Since formally taking over the Oval Office on 20 January 2017, the Trump administration has been grappling with mounting political controversy over alleged Russian meddling in the presidential election and Trump’s disclosure of highly classified information about Daesh to Russia. The FBI has extended its investigation to an incumbent senior White House officer. More importantly, former FBI director James Comey has taken an audacious step to publicly testify about the probe.

If the FBI succeeds to prove the aforementioned allegations, the firebrand president is highly likely to come under increasing public pressure to step down as did Richard Nixon over the infamous Watergate scandal in August 1974. The Democrats and anti-Trump lobbies have cashed in on the unfolding situation to pit the public opinion against the controversy-ridden Trump administration.

Under such circumstances, it becomes pertinent for a leader, especially from a country like the United States that follows a realist policy, to explore those available opportunities which could lower the rising political temperature and divert public opinion against him. The Pentagon has lately taught President Trump some political and military lessons that the United States has to increase its diplomatic and military engagement in the Middle East. The American security establishment is increasingly concerned that the domestic political controversy over the President Trump’s sharing of classified information to Russia has instigated key Middle Eastern monarchies to tilt towards China.

Though President Trump wished to use the recent visit to divert public attention from the above-stated controversies, given the efficacy of American investigative institutions and democratic maturity of the people, it would be quite difficult for Trump to extricate himself from the political whirlwind against him.

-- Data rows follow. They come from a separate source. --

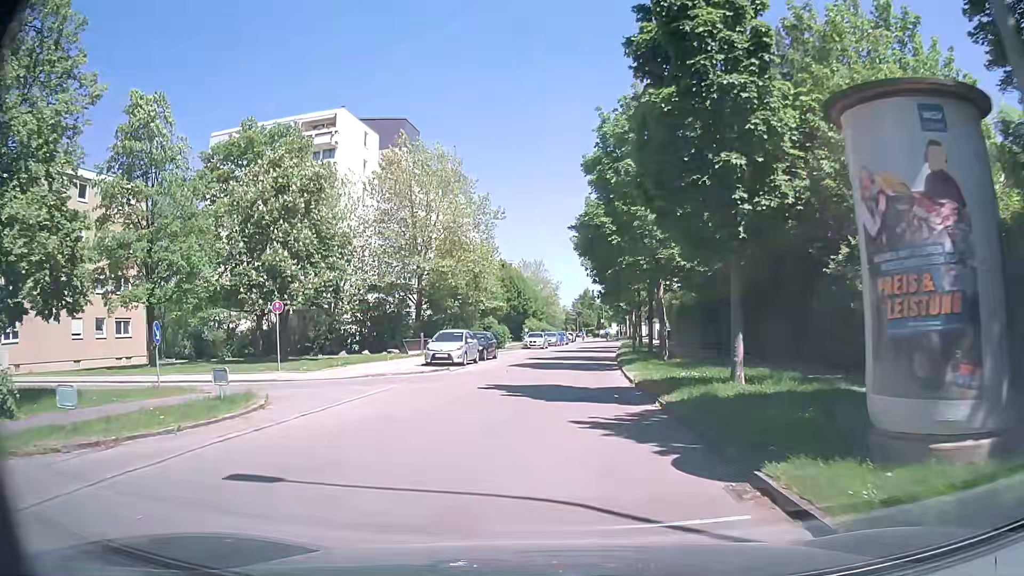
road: residential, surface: asphalt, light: Day
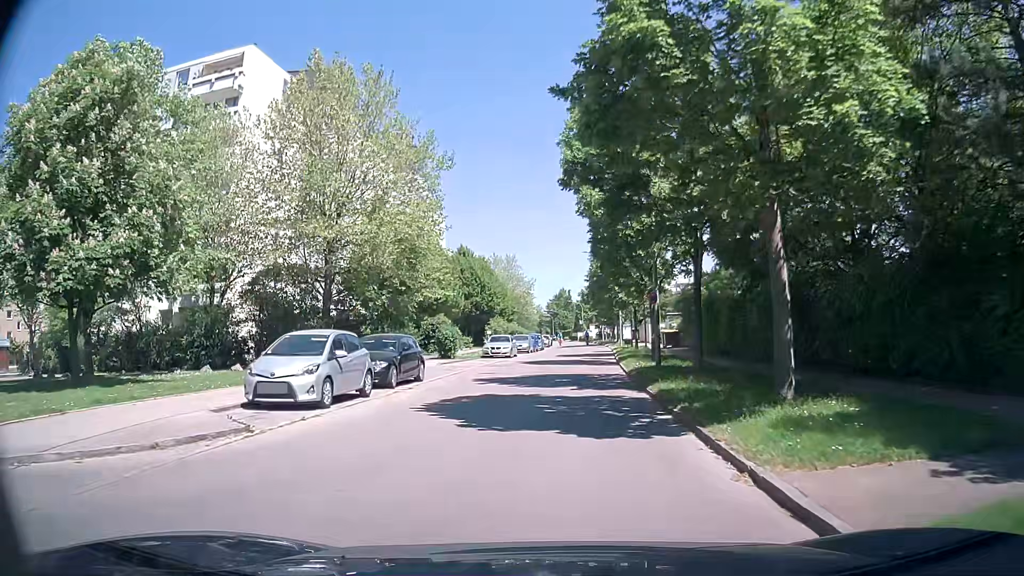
(+0.3, +15.4) m; +1°
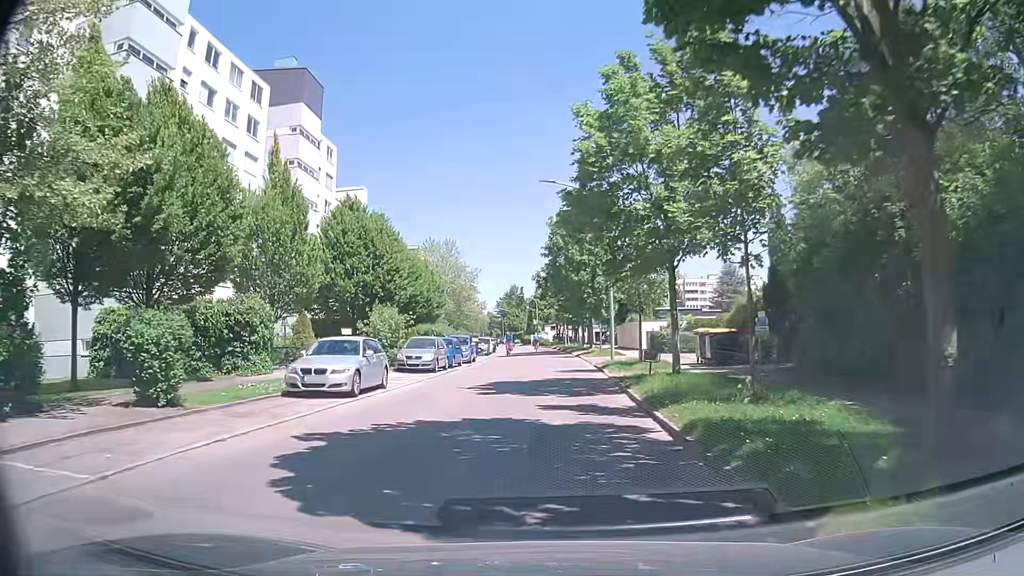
(+1.5, +25.4) m; +4°
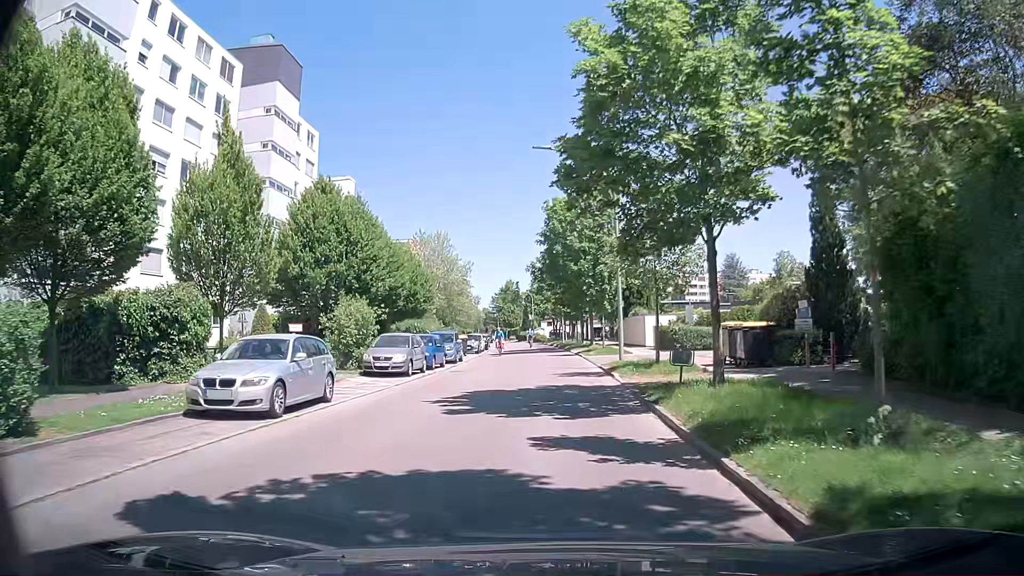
(0.0, +4.6) m; -1°
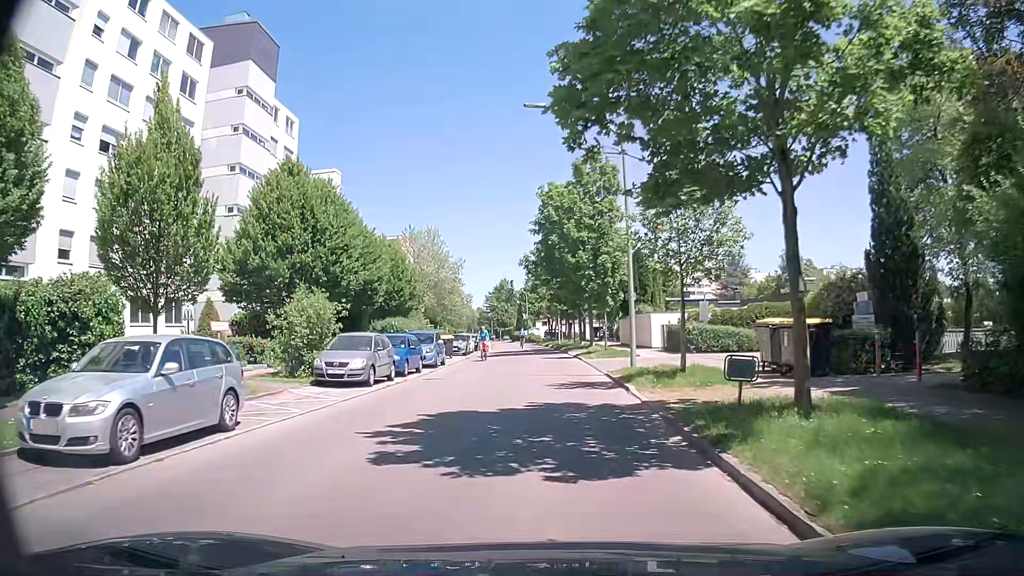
(+0.2, +4.5) m; +3°
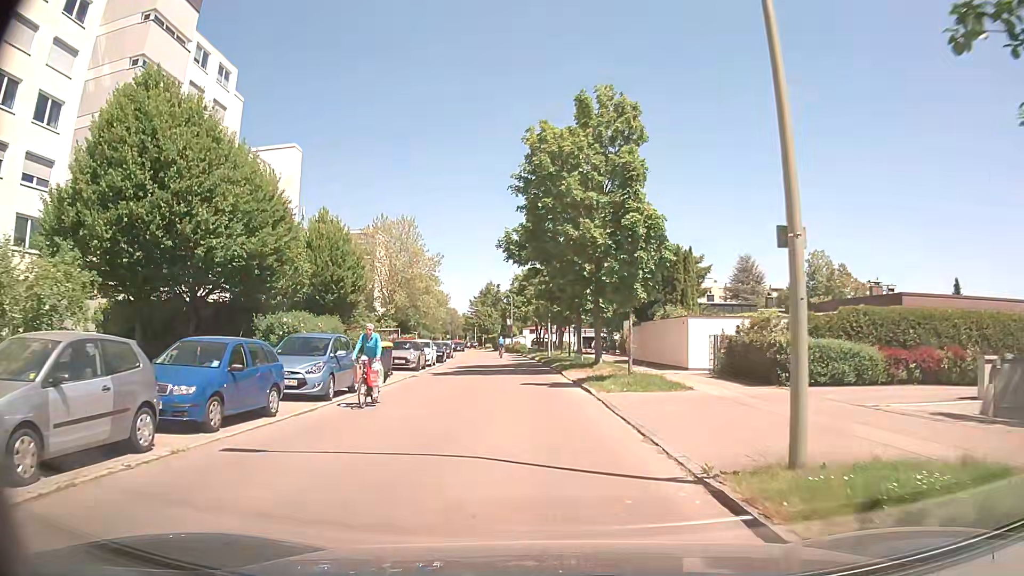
(-0.1, +13.2) m; 0°
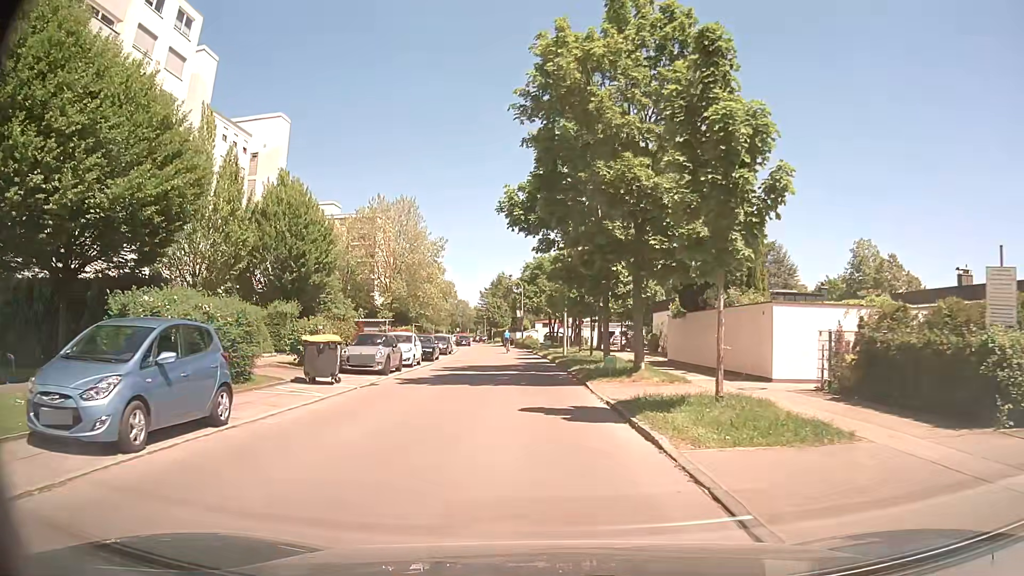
(0.0, +8.7) m; -1°
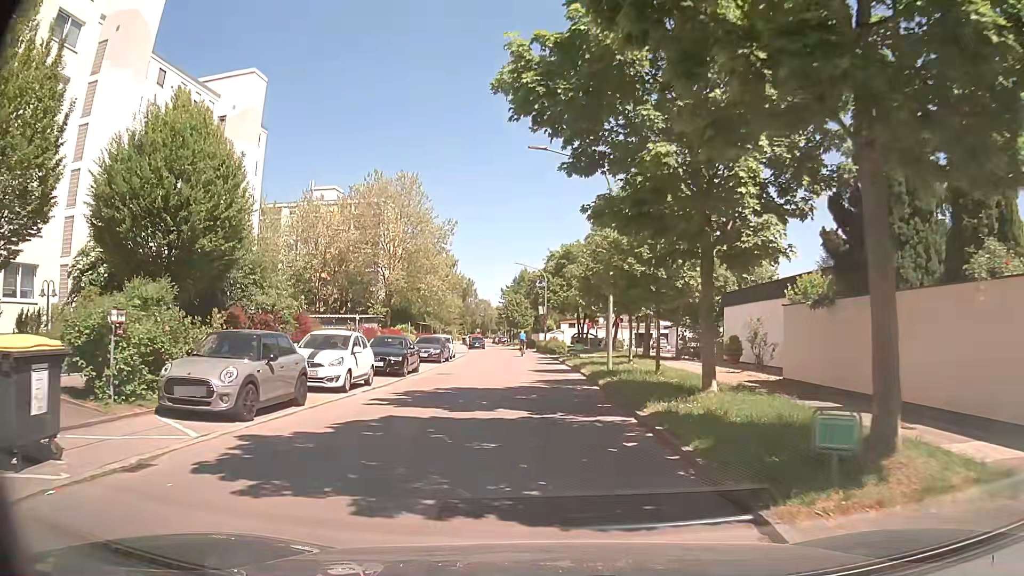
(-0.1, +13.1) m; -2°
(0, +10) (0, +20) (0, +30) (-1, +40) (-1, +50) (-2, +60) (-3, +70) (-4, +80) (-5, +90) (-6, +100) m

Before Donald Trump, although all American presidents attached paramount importance to oil-rich Arab monarchies in the Middle East, they always prioritised the security of Jewish Israel over Arab countries in the strategically important region. So, President Trump’s selection of Saudi Arabia for his maiden visit makes it patently clear that he wishes to play a diplomatic masterstroke to maximise American strategic and economic designs in the Middle East.  The main reason behind all of this is to prevent the major countries of the region from bandwagoning with China in the Middle East and the Persian Gulf. Moreover, this is also chiefly designed to slowly block Putin-led Russia from fishing into the troubled waters of the region. Both American economic and strategic decision makers are fully acquainted that Beijing has lately stepped up its diplomatic steps aimed at fostering by leaps and bounds its burgeoning commercial and military relations with Arab monarchies.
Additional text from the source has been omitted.